IL-32 is a multifaceted cytokine with a role in infections, autoimmune diseases, and cancer, and it exerts diverse functions, including aggravation of inflammation and inhibition of virus propagation. We previously identified IL-32 as a critical regulator of endothelial cell (EC) functions, and we now reveal that IL-32 also possesses angiogenic properties. The hyperproliferative ECs of human pulmonary arterial hypertension and glioblastoma multiforme exhibited a markedly increased abundance of IL-32, and, significantly, the cytokine colocalized with integrin αVβ3. Vascular endothelial growth factor (VEGF) receptor blockade, which resulted in EC hyperproliferation, increased IL-32 three-fold. Small interfering RNA-mediated silencing of IL-32 negated the 58% proliferation of ECs that occurred within 24 h in scrambled-transfected controls. Reduction of IL-32 neither affected apoptosis (insignificant changes in Bak-1, Bcl-2, Bcl-xL, lactate dehydrogenase, annexin V, and propidium iodide) nor VEGF or TGF-β levels, but siIL-32-transfected adult and neonatal ECs produced up to 61% less NO, IL-8, and matrix metalloproteinase-9, and up to 3-fold more activin A and endostatin.

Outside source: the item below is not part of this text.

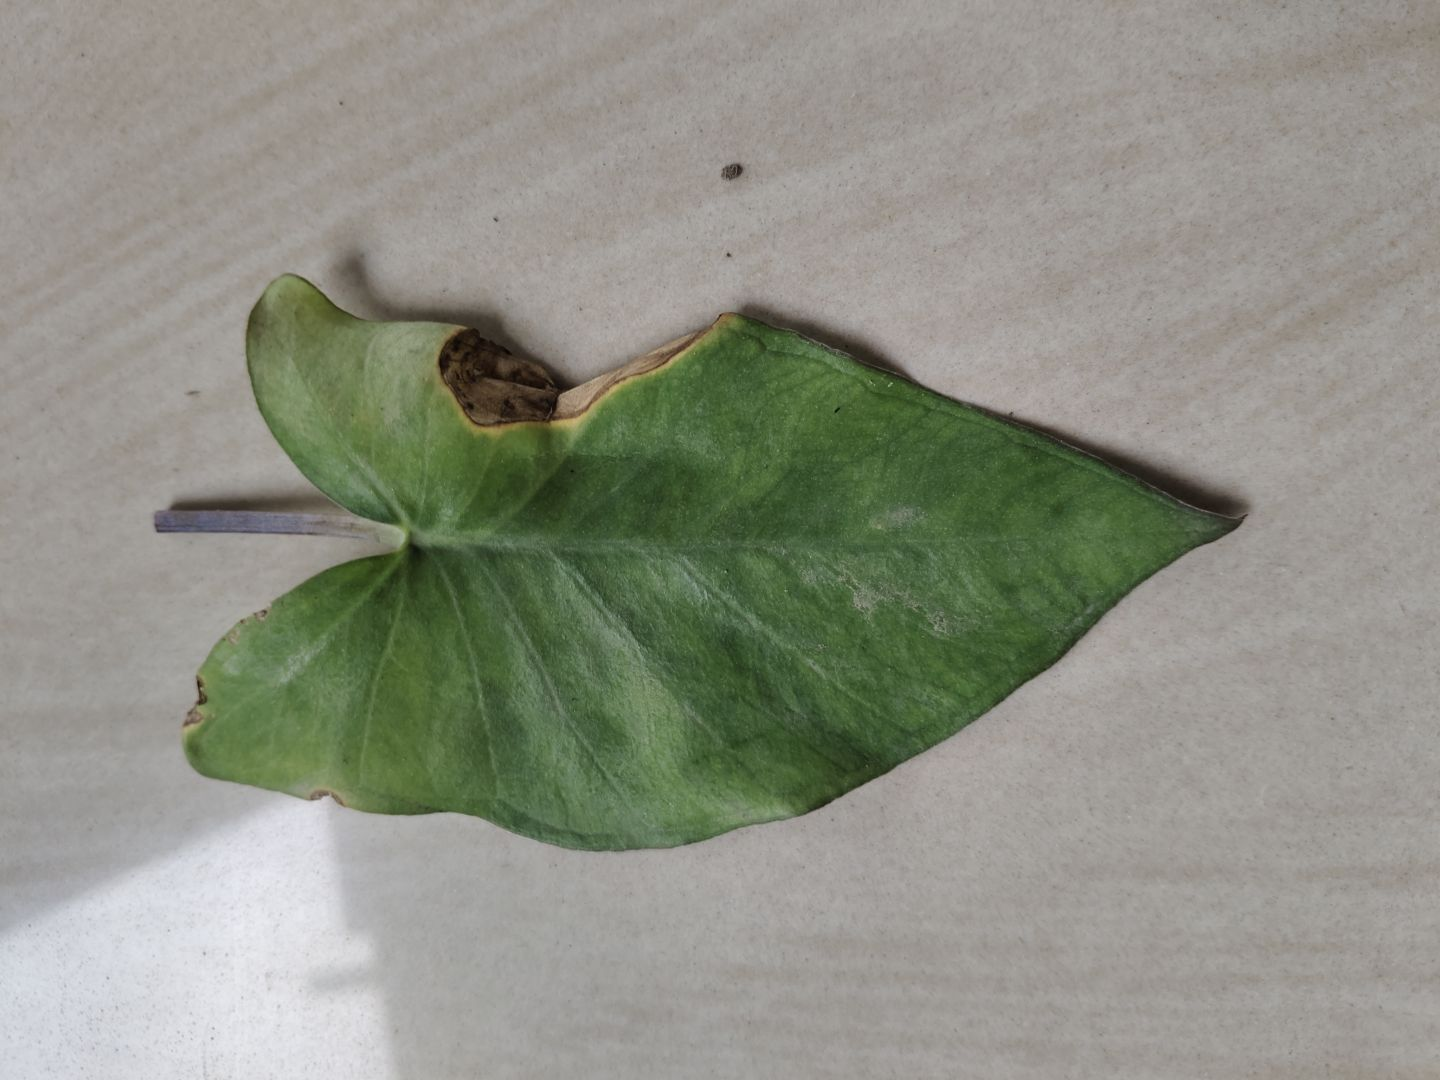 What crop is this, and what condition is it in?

In coculture-based angiogenesis assays, IL-32γ dose-dependently increased tube formation up to 3-fold; an αVβ3 inhibitor prevented this activity and reduced IL-32γ-induced IL-8 by 85%. In matrigel plugs loaded with IL-32γ, VEGF, or vehicle and injected into live mice, we observed the anticipated VEGF-induced increase in neocapillarization (8-fold versus vehicle), but unexpectedly, IL-32γ was equally angiogenic. A second signal such as IFN-γ was required to render cells responsive to exogenous IL-32γ; importantly, this was confirmed using a completely synthetic preparation of IL-32γ. In summary, we add angiogenic properties that are mediated by integrin αVβ3 but VEGF-independent to the portfolio of IL-32, implicating a role for this versatile cytokine in pulmonary arterial hypertension and neoplastic diseases.

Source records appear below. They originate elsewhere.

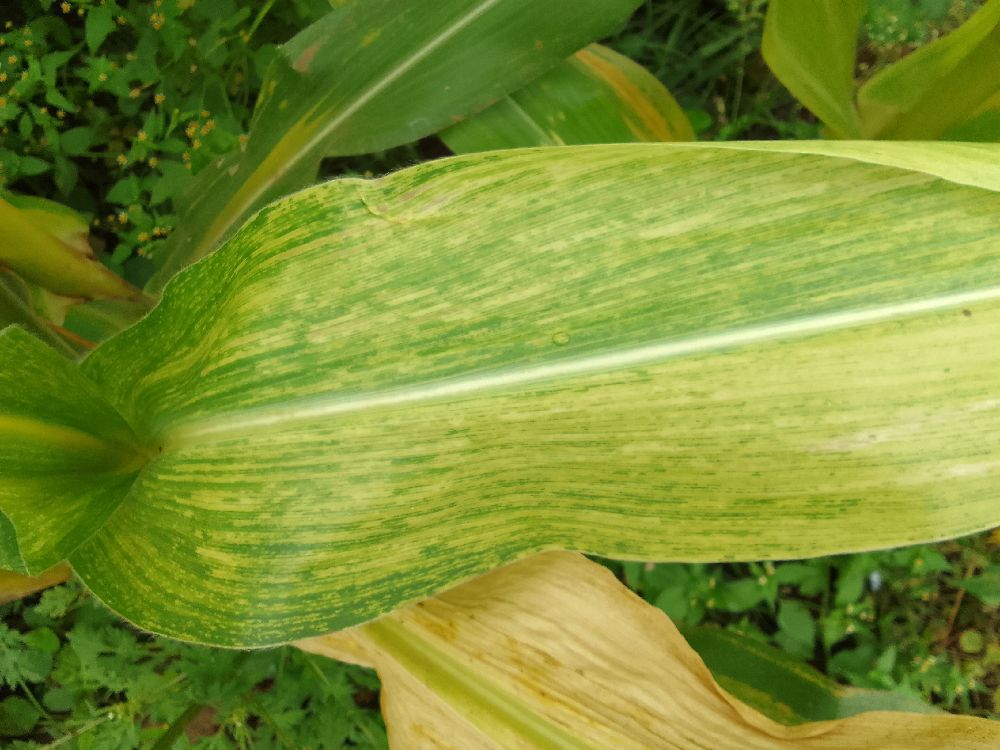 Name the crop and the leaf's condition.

maize, maize lethal necrosis
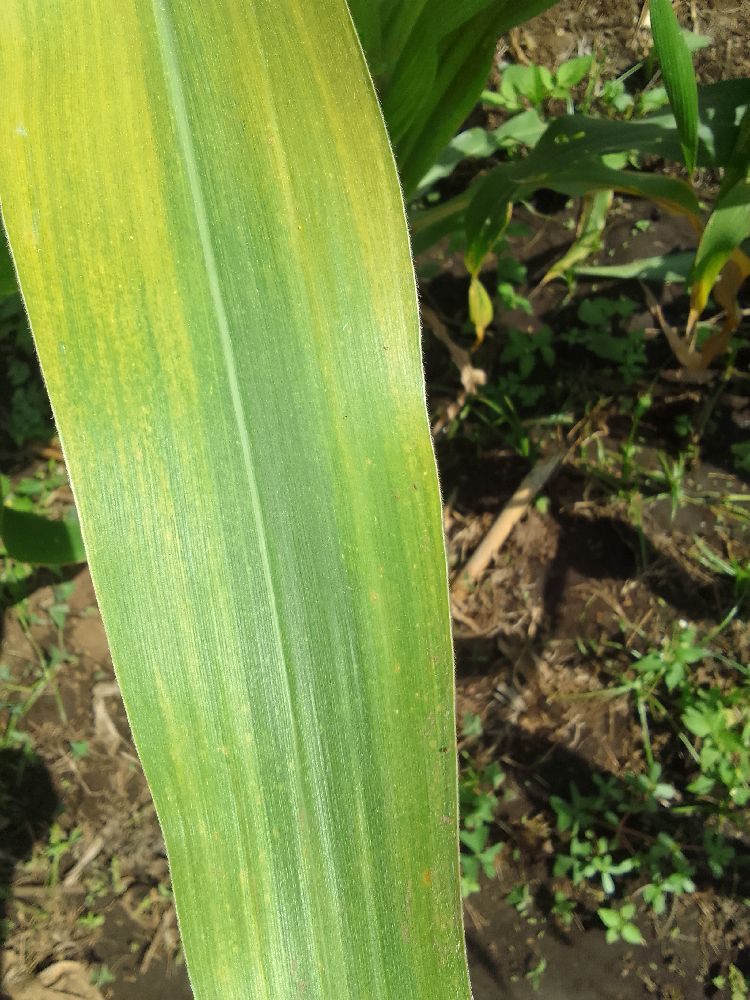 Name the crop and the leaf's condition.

maize, maize lethal necrosis
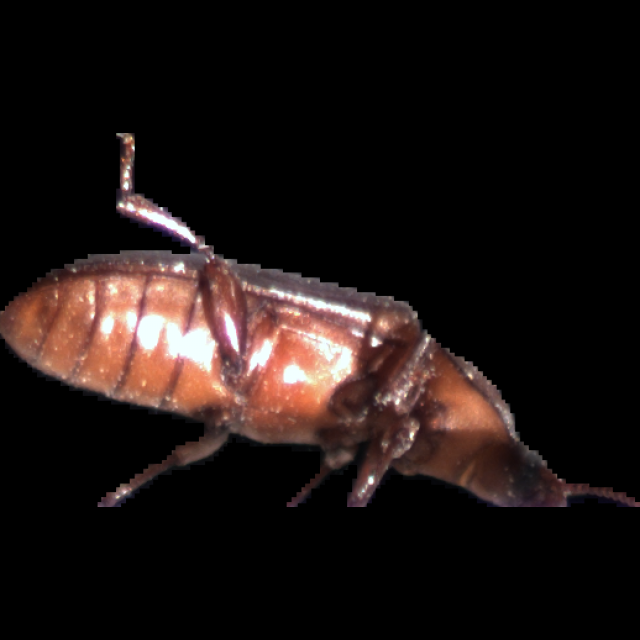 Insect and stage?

mealworm beetle
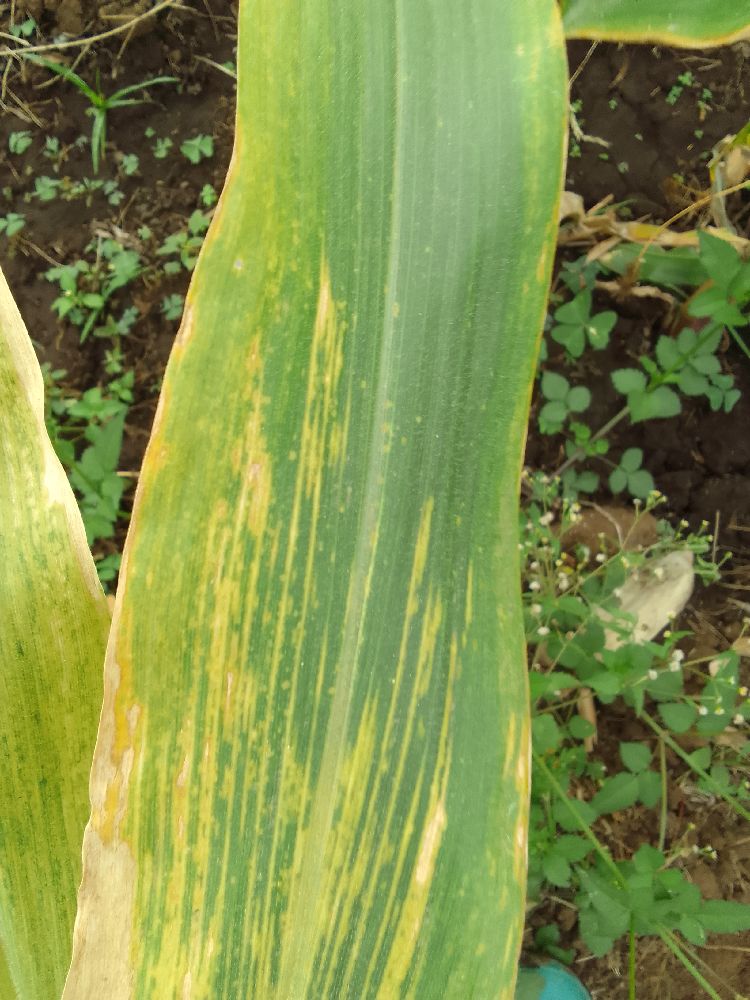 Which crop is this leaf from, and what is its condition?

maize, maize lethal necrosis
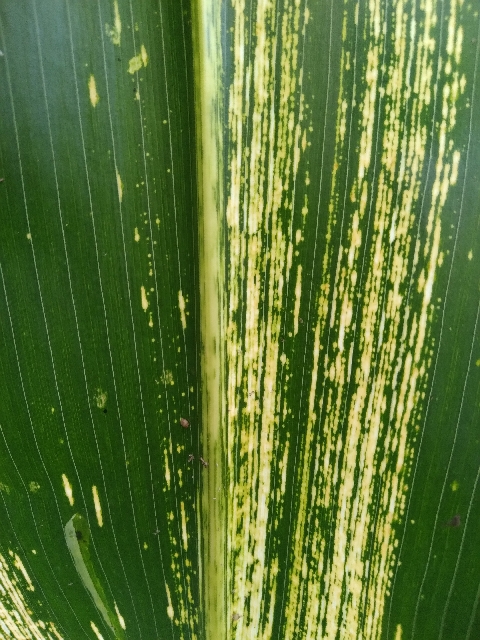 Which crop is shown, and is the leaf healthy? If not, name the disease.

maize, maize streak virus
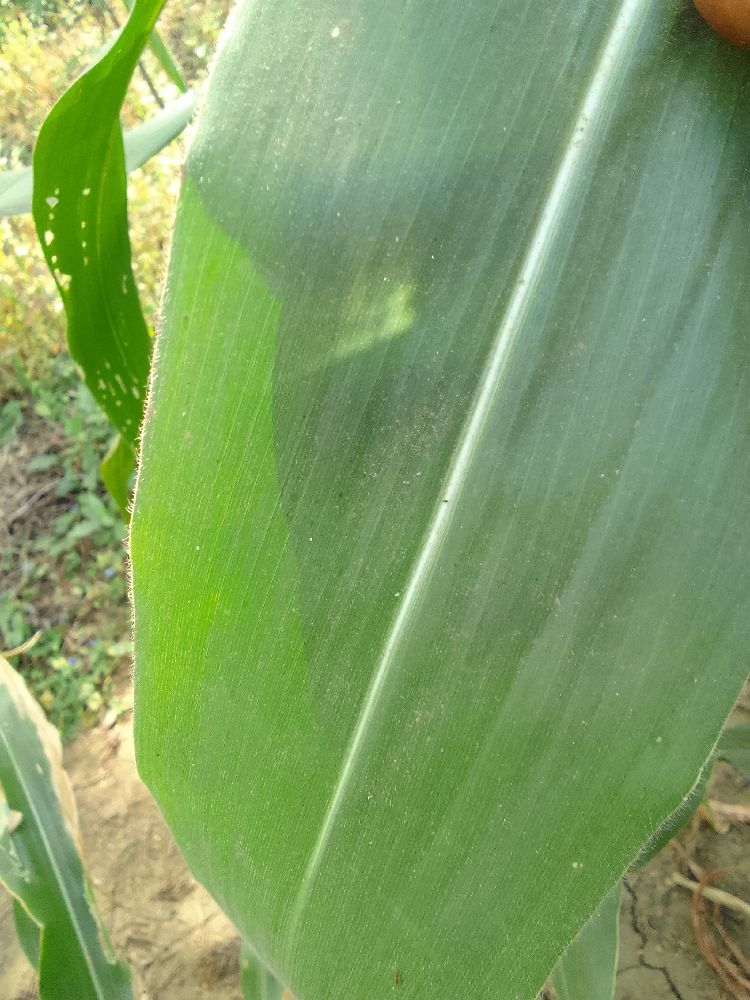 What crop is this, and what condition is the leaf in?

maize, healthy

白细胞介素 32(IL-32)是一种多功能细胞因子,在感染、自身免疫性疾病和癌症中发挥作用,具有多种功能,包括加重炎症和抑制病毒复制。我们之前已经确定 IL-32 是内皮细胞(EC)功能的关键调节剂,现在我们揭示它还具有血管生成特性。人类肺动脉高压和多形性胶质母细胞瘤的高增殖性 EC 表现出明显增加的 IL-32 丰度,并且重要的是,细胞因子与整合素 αVβ3 共定位。血管内皮生长因子(VEGF)受体阻断,导致 EC 过度增殖,使 IL-32 增加三倍。用小干扰 RNA 介导的 IL-32 沉默使转染对照组中 24 小时内发生的 EC 增殖减少 58%。降低 IL-32 既不影响细胞凋亡(Bak-1、Bcl-2、Bcl-xL、乳酸脱氢酶、膜联蛋白 V 和碘化丙啶无显著变化),也不影响 VEGF 或 TGF-β 水平,但 siIL-32 转染的成人和新生儿 EC 产生的 NO、IL-8 和基质金属蛋白酶-9 减少多达 61%,而激活素 A 和内皮抑素增加多达 3 倍。在基于共培养的血管生成测定中,IL-32γ 剂量依赖性地增加管形成高达 3 倍;整合素 αVβ3 抑制剂可防止这种活性,并使 IL-32γ 诱导的 IL-8 减少 85%。在载有 IL-32γ、VEGF 或载体的 Matrigel 塞中,将其注射到活小鼠体内,我们观察到预期的 VEGF 诱导的新毛细血管形成增加(与载体相比增加 8 倍),但出乎意料的是,IL-32γ 同样具有血管生成作用。第二信号(如 IFN-γ)是使细胞对外源性 IL-32γ 产生反应所必需的;重要的是,这是使用完全合成的 IL-32γ 制剂来证实的。总之,我们将整合素 αVβ3 介导但不依赖于 VEGF 的血管生成特性添加到 IL-32 的作用谱中,这表明这种多功能细胞因子在肺动脉高压和肿瘤性疾病中发挥作用。